In June, a massive inter-ethnic brawl in the village of Chemodanovka in the Penza region, some 550 kilometres (350 miles) east of Moscow, led to an ethnic Russian man dying from a stab wound and the Roma community being forced to leave.
On stage at the Romen Theatre however where the vast majority of the actors and singers are ethnically Roma, performances portray little of such harsh realities.
A show called "We, the Roma" recounts the Roma people's mythical odyssey from ancient Egypt to the Russian provinces, via flamenco-infused detours into Spain.
"Our audience aren't looking for subtle dramatic acting, they come to see something exotic," singer Valeria Yanysheva tells AFP in the wings.
"Take any song, and nobody will sing it like a Rom would, nobody! Forgive my lack of modesty," says actor Nikolai Lekarev.
'Vision of integrating'
The theatre continues a pre-revolutionary tradition, Lekarev says.
Writers, merchants, aristocrats, and even notorious holy man Grigory Rasputin, once caroused at a hugely popular Moscow restaurant called Yar that had a world-famous Roma choir.
When it opened in 1931, the Romen Theatre had an ideological role as Soviet authorities sought to document and celebrate the different cultural traditions of the USSR.
In this way, Moscow wanted to nip any nationalist movements in the bud.
"The USSR was unique in its vision of integrating its Romani populations... and demanding that Roma incorporate themselves as equal citizens within the broader Soviet 'friendship of the peoples'," says US historian Brigid O'Keeffe.

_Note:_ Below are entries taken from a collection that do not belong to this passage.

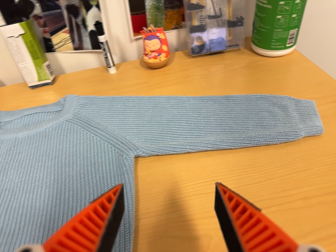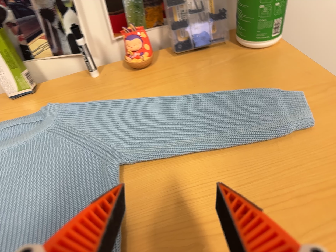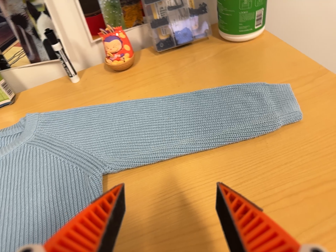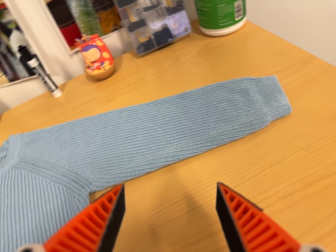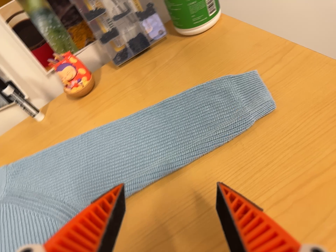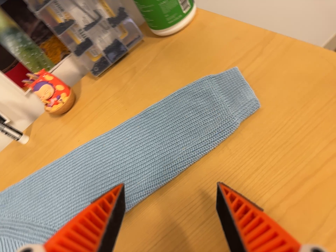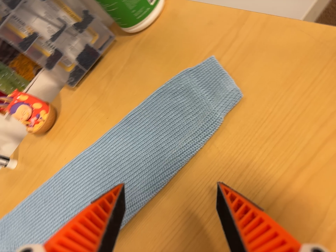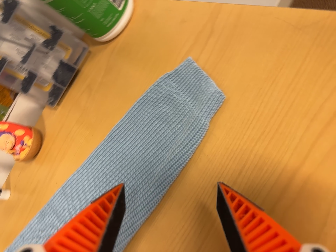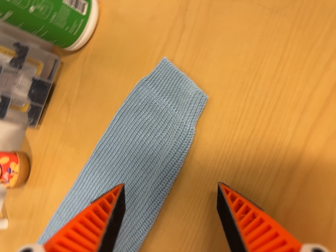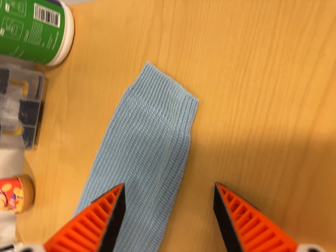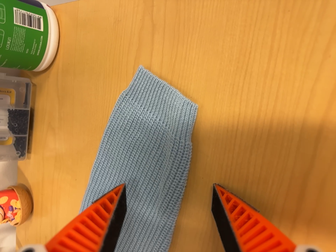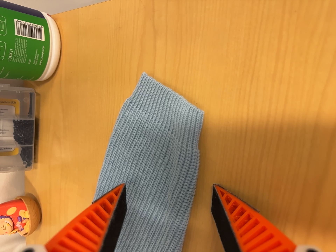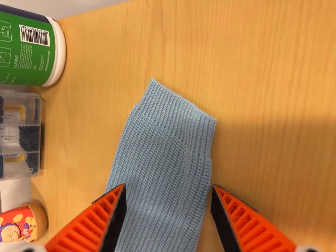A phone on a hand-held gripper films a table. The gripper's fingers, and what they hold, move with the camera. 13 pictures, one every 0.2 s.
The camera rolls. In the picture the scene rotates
counterclockwise.
0.0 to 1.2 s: The camera travels to its right, forward and toward the top of its view, about 20 cm, so close, fixed things drift to the left. It rolls about its line of sight by about 40 degrees, and the scene rotates counterclockwise.
1.2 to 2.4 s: The camera travels toward the top of its view and forward, about 12 cm. Its aim tips toward the bottom of its view by about 10 degrees. It rolls about its line of sight by about 30 degrees, and the scene rotates counterclockwise.
The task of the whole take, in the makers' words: right arm across.
The film runs forward here.

The Soviets encouraged nomadic Roma to switch to a settled lifestyle and a "Roma elite" formed around the Romen Theatre, says Kirill Kozhanov, a linguist from the Russian Academy of Sciences.

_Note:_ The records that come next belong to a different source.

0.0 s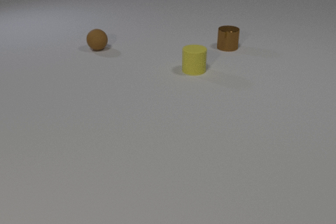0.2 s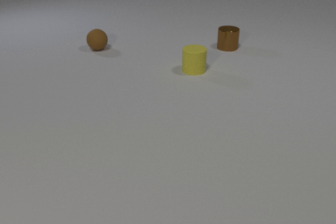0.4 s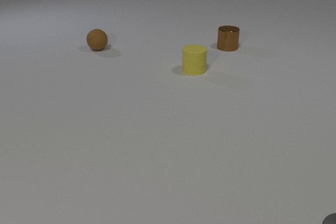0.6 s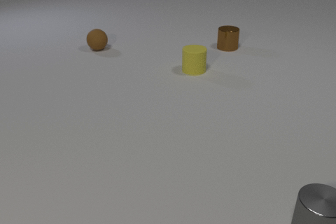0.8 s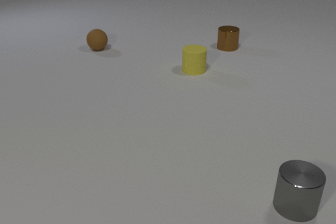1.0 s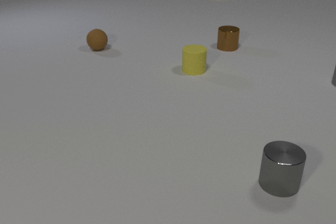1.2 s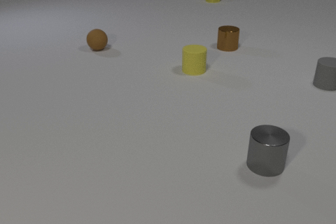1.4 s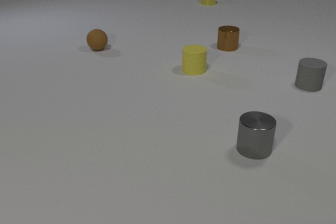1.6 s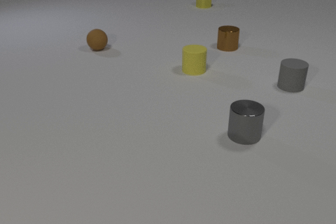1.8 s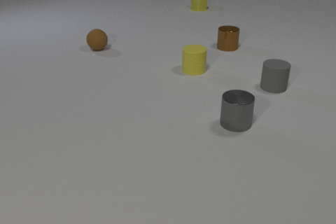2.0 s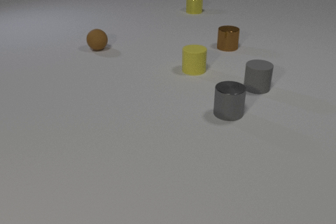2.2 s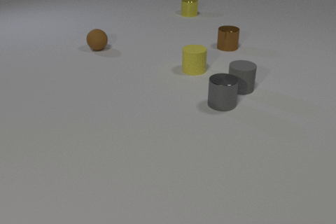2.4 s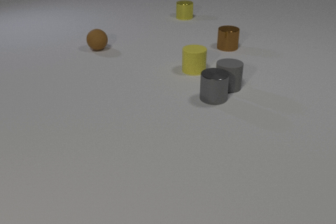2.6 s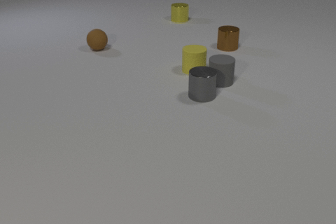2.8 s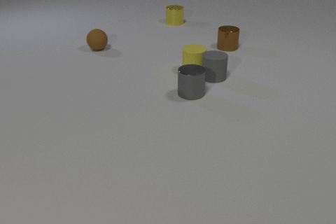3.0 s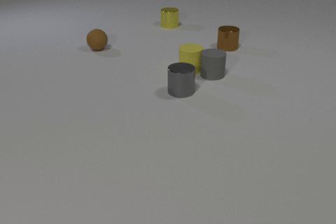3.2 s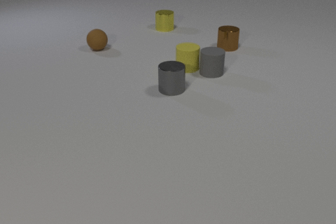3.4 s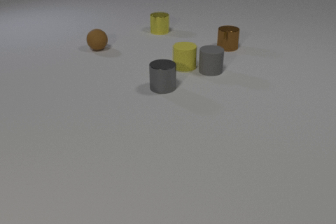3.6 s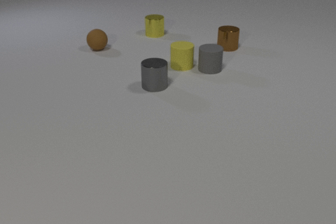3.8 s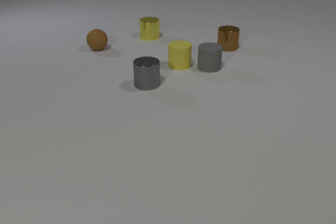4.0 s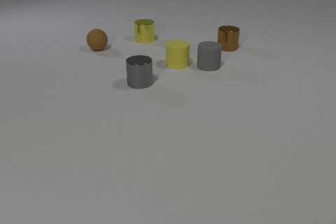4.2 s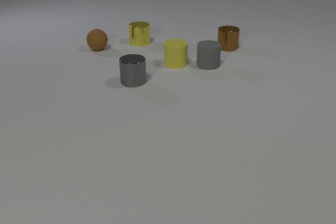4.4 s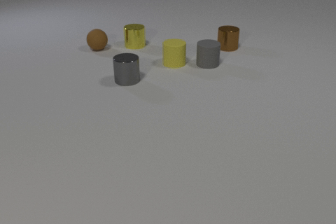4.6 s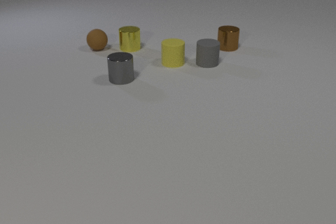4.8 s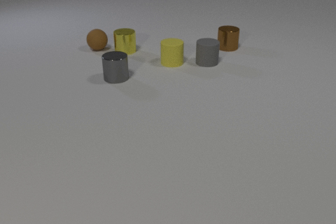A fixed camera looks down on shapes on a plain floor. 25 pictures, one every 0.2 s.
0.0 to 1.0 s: The gray metal cylinder comes in at the bottom edge, slides away from the camera and to the left. The gray rubber cylinder comes in at the right edge. The yellow metal cylinder comes in at the top edge, slides toward the camera.
1.0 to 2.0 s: The gray metal cylinder slides away from the camera and to the left. The gray rubber cylinder slides to the left and toward the camera. The yellow metal cylinder slides toward the camera and to the left.
2.0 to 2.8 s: The gray metal cylinder slides to the left and away from the camera. The gray rubber cylinder slides to the left. The yellow metal cylinder slides toward the camera and to the left. The gray metal cylinder and the gray rubber cylinder collide. The gray rubber cylinder and the yellow rubber cylinder collide.
2.8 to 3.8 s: The gray metal cylinder slides to the left and away from the camera. The gray rubber cylinder slides away from the camera. The yellow rubber cylinder slides to the left and away from the camera. The yellow metal cylinder slides toward the camera and to the left.
3.8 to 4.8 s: The gray metal cylinder slides to the left and away from the camera. The gray rubber cylinder slides away from the camera. The yellow rubber cylinder slides to the left and away from the camera. The yellow metal cylinder slides toward the camera and to the left.
What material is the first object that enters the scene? metal.
How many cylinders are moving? 4.
What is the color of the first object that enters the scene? gray.

In 1969, the Romen troupe moved to its current building in a hotel for party officials.
Roma soul
Celebrated by Russian literary giants like Leo Tolstoy, the notion of a romantic, wild "Roma soul" was popular in the Soviet Union as well.

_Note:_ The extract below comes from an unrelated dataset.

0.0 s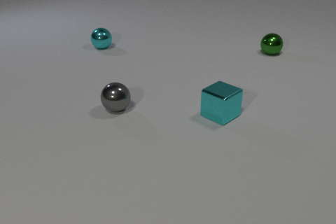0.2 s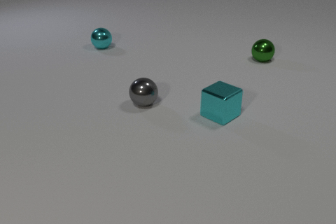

Politically inoffensive Roma artists featured in popular films and television shows.
With the breakup of the Soviet Union, however, any idea of brotherhood between peoples faded away, while underlying tensions came to the forefront.
"In the Soviet Union, the Roma were romanticised and portrayed as people who spent their time singing and dancing, but in the 1990s, the media began to describe them as criminals," Kozhanov says.
Frequently accused of drug dealing, Roma suffered in the social and economic chaos following the Soviet breakup.
The brawl in Chemodanovka became a front-page story, with many Roma houses torched and hundreds forced to leave their homes.
Three years ago, a conflict over the gas supply to a Roma village in the central Tula region prompted authorities to send in 500 riot police.
Stigmatised
"The authorities never say they don't want Roma. But in fact they don't act to combat stereotypes or work toward Roma integration," Kozhanov says.
Despite the Soviet efforts, many Roma communities are isolated and have high levels of illiteracy, child marriage and poverty.
The official population of 200,000 is dwarfed by the some 2.5 million living in Romania and Bulgaria, according to Council of Europe figures.
The only Russian NGO that provided legal help to Roma was forced to close in 2014 after authorities demanded that it register as a "foreign agent" under a controversial law because it received funding from abroad.
In this context, the Romen Theatre is increasingly isolated.
Modern methods
A similar institution in Chisinau, the capital of ex-Soviet Moldova with a large Roma population, has long since closed.
"For the authorities, the theatre is a political symbol and demonstrates a measure of (official) respect," says Kozhanov, while criticising its "rather dated method of cultural promotion."
The venue mainly attracts an older crowd, and its shows are far from packed.
Social media is now a much more effective way of reaching the public, Kozhanov suggests.
Meanwhile on TV, Roma artists frequently do well on the Russian version of the singing competition "The Voice".